**Input data**.
= = = = =

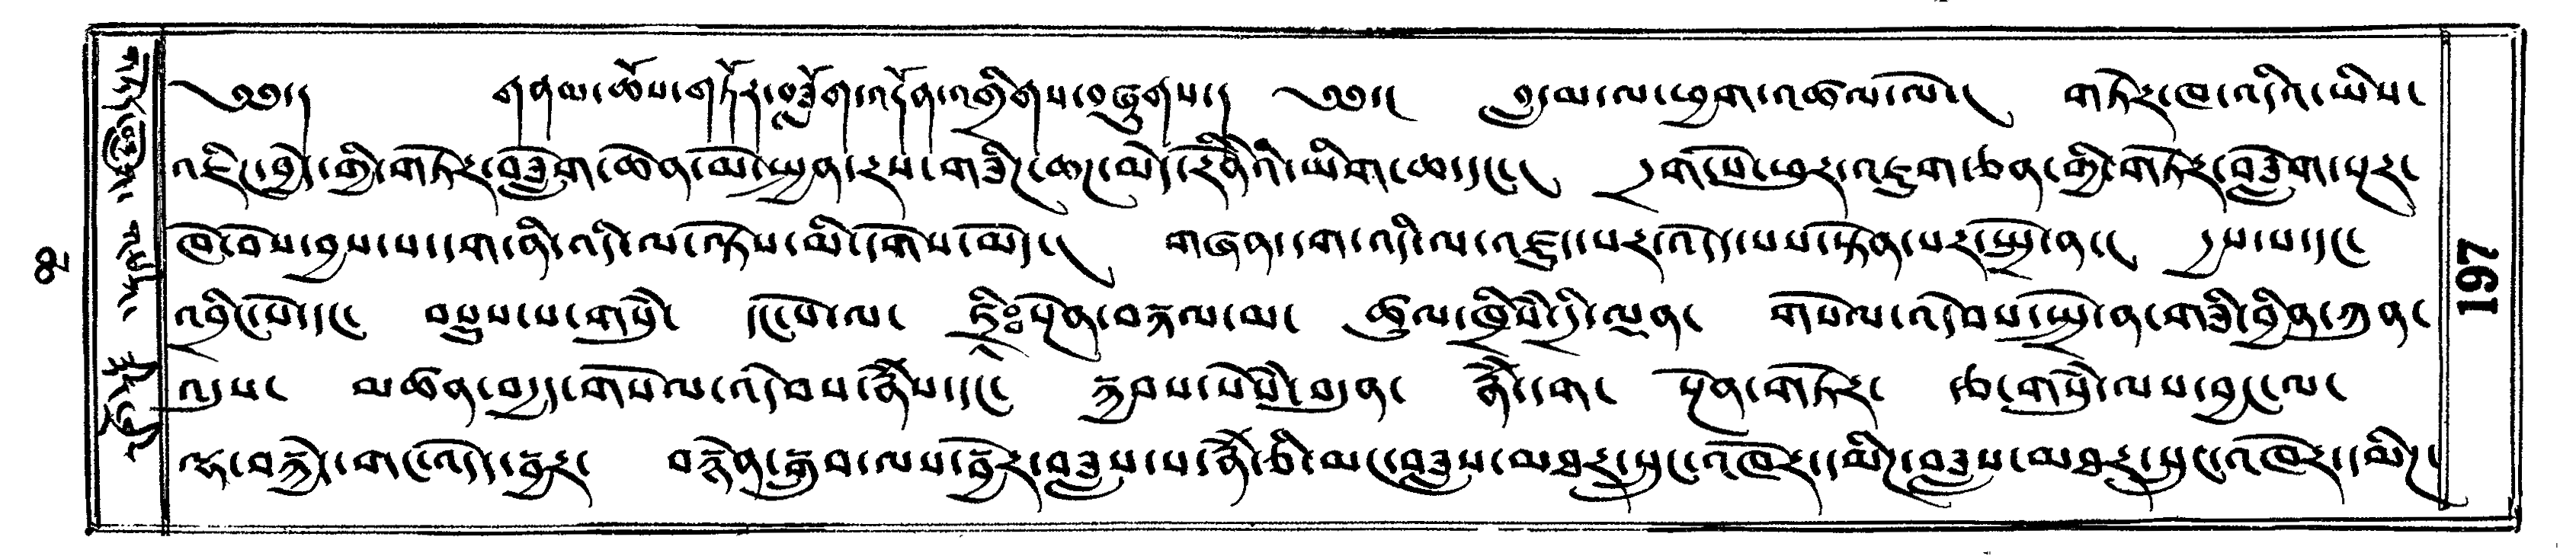༄༅། གནམ་ཆོས་གཏོར་བཟློག་འདོན་འགྲིགས་བཞུགས། ༄༅། བླ་མ་ལ་ཕྱག་འཚལ་ལོ། གཏེར་ཁ་འདི་ཡི་
འཇིགས་བྱེད་གྱི་གཏོར་བཟློག་ཆེན་མོ་སྤྱན་རས་གཟིགས་ཆགས་མེད་རིན་པོ་ཆེའི་ཡིག་ཆ་དང་། དྲག་པོ་ཕུར་འཇུག་ཅན་གྱི་གཏོར་བཟློག་སྔར་
ཁོ་བོས་བྱས་པ་དག་ནི་འདི་ལ་ལྟོས་མི་དགོས་མོད། གཞན་དག་འདི་ལ་འཛུད་པར་འདོད་པས་སྟོན་པར་སྤྲོ་ན། རྒྱས་པ་དང་། 
འབྲིང་པོ་དང་། བསྡུས་པ་གསུམ། དང་པོ་ལ། ཧྲཱིཿསྔོན་བསྐལ་མ༴ ཚུལ་ཁྲིམས་དྲི་ལྡན༴ གསོལ་འདེབས་སྤྲོ་ན་གཟི་བྱིན་ཀུན་
འདུས། མཚན་བརྒྱད་གསོལ་འདེབས་རྣམས་དང་། སྐྱབས་སེམས་བདུན། རྣམ་དག སྔོན་གཏོར། རྩ་གསུམ་ལས་བྱང་ལ་
ལྷ་བསྐྱེད་གང་འདོད་སྦྱར། བསྙེན་སྒྲུབ་ལས་སྦྱོར་བཟླས་པ་རྣམས་ཅི་མང་བཟླས་མཐར་སྲུང་འཁོར་དམིགས་བཟླས་མཐར་སྲུང་འཁོར་དམིགས་

= = = = =

**What is required**. Repeat each record exactly, with the pictures left out.

**Solution to the problem**.
༄༅། གནམ་ཆོས་གཏོར་བཟློག་འདོན་འགྲིགས་བཞུགས། ༄༅། བླ་མ་ལ་ཕྱག་འཚལ་ལོ། གཏེར་ཁ་འདི་ཡི་
འཇིགས་བྱེད་གྱི་གཏོར་བཟློག་ཆེན་མོ་སྤྱན་རས་གཟིགས་ཆགས་མེད་རིན་པོ་ཆེའི་ཡིག་ཆ་དང་། དྲག་པོ་ཕུར་འཇུག་ཅན་གྱི་གཏོར་བཟློག་སྔར་
ཁོ་བོས་བྱས་པ་དག་ནི་འདི་ལ་ལྟོས་མི་དགོས་མོད། གཞན་དག་འདི་ལ་འཛུད་པར་འདོད་པས་སྟོན་པར་སྤྲོ་ན། རྒྱས་པ་དང་། 
འབྲིང་པོ་དང་། བསྡུས་པ་གསུམ། དང་པོ་ལ། ཧྲཱིཿསྔོན་བསྐལ་མ༴ ཚུལ་ཁྲིམས་དྲི་ལྡན༴ གསོལ་འདེབས་སྤྲོ་ན་གཟི་བྱིན་ཀུན་
འདུས། མཚན་བརྒྱད་གསོལ་འདེབས་རྣམས་དང་། སྐྱབས་སེམས་བདུན། རྣམ་དག སྔོན་གཏོར། རྩ་གསུམ་ལས་བྱང་ལ་
ལྷ་བསྐྱེད་གང་འདོད་སྦྱར། བསྙེན་སྒྲུབ་ལས་སྦྱོར་བཟླས་པ་རྣམས་ཅི་མང་བཟླས་མཐར་སྲུང་འཁོར་དམིགས་བཟླས་མཐར་སྲུང་འཁོར་དམིགས་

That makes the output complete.